Items listed in a dataset
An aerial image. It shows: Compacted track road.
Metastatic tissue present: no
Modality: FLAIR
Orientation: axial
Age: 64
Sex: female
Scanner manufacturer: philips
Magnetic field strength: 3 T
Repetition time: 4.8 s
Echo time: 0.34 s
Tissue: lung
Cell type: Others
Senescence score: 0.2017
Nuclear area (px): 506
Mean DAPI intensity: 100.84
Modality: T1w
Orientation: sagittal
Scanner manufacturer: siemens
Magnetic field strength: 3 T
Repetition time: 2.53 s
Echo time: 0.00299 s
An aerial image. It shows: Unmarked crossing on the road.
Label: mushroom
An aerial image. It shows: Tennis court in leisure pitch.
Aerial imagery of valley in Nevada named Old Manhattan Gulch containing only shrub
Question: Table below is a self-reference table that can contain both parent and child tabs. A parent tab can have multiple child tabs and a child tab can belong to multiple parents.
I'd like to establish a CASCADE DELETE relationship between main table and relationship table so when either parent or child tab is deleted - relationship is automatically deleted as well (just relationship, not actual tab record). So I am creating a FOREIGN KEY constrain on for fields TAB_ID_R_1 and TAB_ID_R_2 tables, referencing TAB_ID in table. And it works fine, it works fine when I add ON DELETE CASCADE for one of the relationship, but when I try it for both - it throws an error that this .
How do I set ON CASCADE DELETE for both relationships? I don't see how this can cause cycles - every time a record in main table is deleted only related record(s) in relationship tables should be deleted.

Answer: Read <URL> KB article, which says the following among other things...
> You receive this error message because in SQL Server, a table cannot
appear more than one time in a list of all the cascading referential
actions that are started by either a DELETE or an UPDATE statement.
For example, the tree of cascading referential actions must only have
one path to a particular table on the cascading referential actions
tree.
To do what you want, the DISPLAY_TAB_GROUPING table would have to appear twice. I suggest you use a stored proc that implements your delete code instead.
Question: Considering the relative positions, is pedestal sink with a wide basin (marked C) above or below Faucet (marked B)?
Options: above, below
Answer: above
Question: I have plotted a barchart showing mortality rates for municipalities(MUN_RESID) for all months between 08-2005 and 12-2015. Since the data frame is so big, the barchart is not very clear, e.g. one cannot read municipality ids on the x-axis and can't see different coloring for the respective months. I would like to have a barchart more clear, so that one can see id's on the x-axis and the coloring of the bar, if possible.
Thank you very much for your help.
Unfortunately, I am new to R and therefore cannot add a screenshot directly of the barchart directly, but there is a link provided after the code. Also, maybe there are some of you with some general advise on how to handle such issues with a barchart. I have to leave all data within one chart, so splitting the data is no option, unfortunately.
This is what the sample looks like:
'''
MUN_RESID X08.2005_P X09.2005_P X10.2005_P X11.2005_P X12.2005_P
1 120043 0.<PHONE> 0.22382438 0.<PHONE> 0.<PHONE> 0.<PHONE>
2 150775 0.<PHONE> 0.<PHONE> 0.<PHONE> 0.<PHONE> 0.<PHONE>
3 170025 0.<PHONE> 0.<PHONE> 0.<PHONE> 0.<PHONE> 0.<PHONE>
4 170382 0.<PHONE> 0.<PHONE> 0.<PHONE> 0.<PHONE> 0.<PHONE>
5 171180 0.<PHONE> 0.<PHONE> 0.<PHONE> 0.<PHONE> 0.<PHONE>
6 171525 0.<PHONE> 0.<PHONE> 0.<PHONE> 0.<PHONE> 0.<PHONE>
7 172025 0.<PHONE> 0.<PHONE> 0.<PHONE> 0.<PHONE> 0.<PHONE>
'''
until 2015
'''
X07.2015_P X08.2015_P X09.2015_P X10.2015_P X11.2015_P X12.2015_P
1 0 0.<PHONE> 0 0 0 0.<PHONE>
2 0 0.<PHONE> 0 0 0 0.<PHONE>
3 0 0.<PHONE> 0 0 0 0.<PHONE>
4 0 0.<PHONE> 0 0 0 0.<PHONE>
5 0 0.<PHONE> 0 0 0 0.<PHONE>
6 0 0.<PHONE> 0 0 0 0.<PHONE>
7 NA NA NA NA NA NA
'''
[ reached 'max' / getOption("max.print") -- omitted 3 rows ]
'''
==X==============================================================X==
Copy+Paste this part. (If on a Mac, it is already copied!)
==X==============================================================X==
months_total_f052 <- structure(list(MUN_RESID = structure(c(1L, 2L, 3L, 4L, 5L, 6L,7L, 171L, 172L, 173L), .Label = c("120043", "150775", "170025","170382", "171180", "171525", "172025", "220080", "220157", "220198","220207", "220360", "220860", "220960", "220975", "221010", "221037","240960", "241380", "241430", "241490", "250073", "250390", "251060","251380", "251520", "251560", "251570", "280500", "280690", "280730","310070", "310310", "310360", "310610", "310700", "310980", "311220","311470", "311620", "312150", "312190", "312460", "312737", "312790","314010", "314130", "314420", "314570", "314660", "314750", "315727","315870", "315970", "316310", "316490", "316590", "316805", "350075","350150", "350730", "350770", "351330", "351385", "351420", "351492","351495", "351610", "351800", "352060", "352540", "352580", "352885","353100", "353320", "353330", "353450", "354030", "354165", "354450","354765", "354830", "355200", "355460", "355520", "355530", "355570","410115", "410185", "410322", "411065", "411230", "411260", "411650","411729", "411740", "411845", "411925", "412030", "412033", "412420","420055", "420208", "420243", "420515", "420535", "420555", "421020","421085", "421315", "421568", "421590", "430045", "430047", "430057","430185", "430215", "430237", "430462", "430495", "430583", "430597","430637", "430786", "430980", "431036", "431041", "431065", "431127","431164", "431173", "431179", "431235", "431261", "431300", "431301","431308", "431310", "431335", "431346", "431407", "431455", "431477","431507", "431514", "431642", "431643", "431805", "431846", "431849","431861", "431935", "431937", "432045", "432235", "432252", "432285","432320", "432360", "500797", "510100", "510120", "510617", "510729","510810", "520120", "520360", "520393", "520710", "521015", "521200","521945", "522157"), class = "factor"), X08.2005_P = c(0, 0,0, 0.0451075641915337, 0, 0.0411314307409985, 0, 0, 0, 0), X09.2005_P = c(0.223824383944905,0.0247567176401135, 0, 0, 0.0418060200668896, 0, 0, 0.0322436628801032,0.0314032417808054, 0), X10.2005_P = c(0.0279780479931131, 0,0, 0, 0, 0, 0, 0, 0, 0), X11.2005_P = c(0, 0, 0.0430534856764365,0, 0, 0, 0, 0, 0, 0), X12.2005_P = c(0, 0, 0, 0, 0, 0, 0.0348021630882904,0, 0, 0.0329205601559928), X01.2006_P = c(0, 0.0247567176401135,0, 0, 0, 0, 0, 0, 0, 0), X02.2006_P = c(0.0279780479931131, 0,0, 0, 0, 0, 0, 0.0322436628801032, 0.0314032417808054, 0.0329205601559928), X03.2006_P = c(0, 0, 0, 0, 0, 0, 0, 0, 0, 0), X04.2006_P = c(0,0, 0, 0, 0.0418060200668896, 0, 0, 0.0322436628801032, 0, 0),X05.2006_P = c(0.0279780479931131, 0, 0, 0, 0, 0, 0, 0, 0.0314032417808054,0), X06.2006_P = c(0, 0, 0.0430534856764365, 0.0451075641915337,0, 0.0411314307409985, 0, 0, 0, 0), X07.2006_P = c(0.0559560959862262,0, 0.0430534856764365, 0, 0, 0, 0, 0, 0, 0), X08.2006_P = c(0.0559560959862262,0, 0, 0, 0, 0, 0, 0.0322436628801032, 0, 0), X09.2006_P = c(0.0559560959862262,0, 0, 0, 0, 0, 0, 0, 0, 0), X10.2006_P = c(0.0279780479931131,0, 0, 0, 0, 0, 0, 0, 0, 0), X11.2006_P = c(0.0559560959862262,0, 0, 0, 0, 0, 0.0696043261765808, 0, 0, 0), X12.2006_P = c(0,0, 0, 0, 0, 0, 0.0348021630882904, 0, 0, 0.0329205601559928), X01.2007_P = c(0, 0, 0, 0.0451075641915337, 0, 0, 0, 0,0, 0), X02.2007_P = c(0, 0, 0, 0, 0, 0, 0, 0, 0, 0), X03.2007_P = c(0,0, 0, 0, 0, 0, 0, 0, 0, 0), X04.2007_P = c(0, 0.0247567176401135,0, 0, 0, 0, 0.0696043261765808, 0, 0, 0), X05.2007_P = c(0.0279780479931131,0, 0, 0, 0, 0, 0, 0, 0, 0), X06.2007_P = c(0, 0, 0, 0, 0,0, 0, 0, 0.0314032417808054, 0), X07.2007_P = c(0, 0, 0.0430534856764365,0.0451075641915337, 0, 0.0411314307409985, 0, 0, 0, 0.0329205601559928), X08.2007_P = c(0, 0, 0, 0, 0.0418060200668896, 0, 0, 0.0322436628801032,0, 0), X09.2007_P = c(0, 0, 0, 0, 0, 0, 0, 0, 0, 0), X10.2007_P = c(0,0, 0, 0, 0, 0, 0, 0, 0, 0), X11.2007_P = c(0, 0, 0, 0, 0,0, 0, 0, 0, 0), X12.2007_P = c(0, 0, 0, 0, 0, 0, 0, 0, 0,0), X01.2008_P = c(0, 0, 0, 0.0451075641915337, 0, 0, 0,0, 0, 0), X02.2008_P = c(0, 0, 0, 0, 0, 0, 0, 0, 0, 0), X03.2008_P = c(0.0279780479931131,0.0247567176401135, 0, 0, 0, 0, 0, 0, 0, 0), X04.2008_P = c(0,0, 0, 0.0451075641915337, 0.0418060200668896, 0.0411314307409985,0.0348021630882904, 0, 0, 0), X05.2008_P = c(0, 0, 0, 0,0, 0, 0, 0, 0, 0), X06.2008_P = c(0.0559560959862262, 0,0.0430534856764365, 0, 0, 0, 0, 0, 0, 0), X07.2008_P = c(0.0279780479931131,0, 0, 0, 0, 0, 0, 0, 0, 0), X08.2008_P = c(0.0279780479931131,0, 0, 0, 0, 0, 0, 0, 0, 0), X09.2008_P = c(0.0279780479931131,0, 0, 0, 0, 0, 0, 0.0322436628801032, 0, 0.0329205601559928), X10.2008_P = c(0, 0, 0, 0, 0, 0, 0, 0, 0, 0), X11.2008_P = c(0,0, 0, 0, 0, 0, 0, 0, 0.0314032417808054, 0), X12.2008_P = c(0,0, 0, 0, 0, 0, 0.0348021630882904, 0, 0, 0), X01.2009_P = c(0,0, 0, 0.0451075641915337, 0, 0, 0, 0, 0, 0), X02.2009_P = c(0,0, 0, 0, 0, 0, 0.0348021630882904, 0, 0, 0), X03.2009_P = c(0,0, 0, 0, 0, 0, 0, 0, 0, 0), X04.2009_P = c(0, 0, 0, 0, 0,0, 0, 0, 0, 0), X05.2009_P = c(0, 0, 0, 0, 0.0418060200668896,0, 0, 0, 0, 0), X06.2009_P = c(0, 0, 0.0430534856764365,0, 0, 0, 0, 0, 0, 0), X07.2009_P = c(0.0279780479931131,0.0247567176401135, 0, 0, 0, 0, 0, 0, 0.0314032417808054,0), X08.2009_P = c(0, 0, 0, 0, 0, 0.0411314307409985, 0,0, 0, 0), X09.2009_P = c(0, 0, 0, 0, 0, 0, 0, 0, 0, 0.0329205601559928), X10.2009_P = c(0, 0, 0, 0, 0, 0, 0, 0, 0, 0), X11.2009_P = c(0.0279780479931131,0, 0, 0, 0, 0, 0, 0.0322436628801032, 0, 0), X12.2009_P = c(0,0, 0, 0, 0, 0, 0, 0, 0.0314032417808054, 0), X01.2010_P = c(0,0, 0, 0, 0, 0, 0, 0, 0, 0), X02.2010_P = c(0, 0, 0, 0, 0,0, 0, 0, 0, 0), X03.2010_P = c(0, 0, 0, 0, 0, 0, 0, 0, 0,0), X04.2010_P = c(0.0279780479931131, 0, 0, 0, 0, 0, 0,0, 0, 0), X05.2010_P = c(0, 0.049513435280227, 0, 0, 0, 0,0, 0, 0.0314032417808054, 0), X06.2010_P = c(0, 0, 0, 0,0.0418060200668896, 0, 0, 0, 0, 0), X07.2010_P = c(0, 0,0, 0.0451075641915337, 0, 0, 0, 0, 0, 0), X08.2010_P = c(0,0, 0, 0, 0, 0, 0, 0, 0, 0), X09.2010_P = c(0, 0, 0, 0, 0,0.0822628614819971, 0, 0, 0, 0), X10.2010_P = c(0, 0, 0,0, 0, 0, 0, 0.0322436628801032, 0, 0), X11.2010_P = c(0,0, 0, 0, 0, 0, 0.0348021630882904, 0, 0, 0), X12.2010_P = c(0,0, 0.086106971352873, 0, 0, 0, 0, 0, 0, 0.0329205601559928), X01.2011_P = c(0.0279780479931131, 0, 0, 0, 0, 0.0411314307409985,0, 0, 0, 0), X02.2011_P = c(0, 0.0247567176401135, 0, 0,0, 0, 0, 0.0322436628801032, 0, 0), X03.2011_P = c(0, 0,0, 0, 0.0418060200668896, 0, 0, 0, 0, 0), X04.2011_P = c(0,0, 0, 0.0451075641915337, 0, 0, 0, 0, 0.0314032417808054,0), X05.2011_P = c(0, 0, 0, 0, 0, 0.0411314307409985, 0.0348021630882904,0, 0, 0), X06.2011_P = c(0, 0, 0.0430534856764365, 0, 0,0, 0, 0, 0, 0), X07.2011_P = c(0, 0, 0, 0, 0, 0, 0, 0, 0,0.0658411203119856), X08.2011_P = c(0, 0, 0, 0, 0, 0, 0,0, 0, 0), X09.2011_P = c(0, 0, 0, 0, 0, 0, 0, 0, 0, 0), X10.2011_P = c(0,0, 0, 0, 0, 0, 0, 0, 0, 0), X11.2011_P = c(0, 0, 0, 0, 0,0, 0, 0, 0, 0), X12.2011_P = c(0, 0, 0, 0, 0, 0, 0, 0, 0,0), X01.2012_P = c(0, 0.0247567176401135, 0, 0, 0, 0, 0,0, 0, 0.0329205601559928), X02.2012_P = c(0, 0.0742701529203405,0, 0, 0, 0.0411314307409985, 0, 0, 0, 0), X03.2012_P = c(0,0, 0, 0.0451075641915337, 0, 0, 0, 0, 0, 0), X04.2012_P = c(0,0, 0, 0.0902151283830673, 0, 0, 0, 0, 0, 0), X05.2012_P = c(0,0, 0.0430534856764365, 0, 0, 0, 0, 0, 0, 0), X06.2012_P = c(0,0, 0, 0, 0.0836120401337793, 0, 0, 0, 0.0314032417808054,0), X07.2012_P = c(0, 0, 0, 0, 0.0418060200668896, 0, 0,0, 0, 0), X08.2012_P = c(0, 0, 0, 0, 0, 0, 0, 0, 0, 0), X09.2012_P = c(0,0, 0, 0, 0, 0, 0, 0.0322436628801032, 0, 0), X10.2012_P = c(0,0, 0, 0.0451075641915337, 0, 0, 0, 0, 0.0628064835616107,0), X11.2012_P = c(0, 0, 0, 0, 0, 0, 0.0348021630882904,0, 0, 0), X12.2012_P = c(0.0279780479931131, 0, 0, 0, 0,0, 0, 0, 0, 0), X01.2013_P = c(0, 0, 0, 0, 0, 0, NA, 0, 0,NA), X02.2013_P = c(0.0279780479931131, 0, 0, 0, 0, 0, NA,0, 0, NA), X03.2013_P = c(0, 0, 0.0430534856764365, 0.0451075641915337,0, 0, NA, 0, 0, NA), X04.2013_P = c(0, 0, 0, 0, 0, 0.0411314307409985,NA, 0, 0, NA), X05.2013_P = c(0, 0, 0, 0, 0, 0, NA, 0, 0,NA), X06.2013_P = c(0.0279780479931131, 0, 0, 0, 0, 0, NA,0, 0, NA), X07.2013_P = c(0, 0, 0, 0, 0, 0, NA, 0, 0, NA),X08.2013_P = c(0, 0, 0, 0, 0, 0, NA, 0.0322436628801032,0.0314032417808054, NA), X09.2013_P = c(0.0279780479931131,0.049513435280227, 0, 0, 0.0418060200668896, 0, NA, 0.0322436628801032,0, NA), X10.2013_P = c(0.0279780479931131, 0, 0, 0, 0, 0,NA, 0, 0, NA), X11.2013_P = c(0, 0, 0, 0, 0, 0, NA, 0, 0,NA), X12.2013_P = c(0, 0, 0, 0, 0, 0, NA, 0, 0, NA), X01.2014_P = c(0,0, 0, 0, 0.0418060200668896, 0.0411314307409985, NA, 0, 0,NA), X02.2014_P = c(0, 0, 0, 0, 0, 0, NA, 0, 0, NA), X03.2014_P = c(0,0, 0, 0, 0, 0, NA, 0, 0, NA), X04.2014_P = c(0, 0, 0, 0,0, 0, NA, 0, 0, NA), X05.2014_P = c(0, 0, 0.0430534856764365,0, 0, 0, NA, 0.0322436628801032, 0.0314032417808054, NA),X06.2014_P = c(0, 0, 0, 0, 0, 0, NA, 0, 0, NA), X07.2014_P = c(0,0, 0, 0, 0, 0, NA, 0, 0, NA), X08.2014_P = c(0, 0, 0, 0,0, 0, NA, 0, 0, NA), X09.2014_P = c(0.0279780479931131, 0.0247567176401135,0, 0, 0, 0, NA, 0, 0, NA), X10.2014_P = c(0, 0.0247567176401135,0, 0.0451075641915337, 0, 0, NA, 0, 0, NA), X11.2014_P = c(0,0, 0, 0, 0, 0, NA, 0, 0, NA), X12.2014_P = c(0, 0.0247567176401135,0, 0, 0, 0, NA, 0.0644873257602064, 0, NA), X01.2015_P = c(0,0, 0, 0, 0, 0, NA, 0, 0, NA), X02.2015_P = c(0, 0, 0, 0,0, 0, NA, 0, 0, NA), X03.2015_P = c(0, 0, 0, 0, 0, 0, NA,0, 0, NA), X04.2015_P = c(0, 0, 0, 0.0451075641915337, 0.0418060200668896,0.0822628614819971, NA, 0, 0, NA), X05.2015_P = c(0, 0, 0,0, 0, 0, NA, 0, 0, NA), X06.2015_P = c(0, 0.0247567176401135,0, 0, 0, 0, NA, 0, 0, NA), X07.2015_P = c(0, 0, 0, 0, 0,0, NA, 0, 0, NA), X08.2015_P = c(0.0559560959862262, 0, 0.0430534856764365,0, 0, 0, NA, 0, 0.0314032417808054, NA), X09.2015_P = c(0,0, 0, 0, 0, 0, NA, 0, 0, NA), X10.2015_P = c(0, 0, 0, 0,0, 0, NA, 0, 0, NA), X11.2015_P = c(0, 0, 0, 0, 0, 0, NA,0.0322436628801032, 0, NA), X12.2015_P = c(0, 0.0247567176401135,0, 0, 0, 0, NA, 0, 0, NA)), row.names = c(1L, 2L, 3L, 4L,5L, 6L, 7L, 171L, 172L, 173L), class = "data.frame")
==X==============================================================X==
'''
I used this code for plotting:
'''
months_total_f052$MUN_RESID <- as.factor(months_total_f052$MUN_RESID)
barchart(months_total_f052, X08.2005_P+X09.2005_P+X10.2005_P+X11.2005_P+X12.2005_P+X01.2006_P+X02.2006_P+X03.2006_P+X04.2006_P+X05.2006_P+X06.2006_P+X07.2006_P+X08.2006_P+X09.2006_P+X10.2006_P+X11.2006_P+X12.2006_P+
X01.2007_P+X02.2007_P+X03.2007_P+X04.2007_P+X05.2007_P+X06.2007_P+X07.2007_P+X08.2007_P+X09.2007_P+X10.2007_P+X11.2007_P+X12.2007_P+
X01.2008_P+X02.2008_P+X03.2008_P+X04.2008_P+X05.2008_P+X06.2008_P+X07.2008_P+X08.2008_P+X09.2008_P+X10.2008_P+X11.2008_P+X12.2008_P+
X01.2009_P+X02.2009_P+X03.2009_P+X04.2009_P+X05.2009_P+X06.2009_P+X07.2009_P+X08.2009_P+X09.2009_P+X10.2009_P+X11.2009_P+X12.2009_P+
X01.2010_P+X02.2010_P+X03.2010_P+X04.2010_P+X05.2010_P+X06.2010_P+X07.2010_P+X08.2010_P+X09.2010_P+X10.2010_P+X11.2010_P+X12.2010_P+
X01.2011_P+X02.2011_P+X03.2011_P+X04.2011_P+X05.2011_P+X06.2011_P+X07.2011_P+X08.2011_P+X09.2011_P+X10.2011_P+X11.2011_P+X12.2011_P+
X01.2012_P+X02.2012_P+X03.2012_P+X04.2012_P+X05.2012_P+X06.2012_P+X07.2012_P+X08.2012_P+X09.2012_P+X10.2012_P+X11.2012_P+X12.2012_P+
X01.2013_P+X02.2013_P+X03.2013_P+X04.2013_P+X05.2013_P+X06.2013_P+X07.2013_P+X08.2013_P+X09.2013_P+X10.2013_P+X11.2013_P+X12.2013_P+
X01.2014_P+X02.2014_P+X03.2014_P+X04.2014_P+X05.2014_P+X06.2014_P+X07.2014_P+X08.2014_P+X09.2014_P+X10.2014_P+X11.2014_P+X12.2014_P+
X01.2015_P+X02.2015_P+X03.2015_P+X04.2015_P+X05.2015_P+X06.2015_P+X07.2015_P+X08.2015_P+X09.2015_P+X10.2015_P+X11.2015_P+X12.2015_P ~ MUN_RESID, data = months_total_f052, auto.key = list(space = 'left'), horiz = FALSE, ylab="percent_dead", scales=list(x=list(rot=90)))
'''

— What you have to do —
Wherever the word "manufacturer" turns up in the records above, copy the line that holds it.

— Task response —
Scanner manufacturer: philips
Scanner manufacturer: siemens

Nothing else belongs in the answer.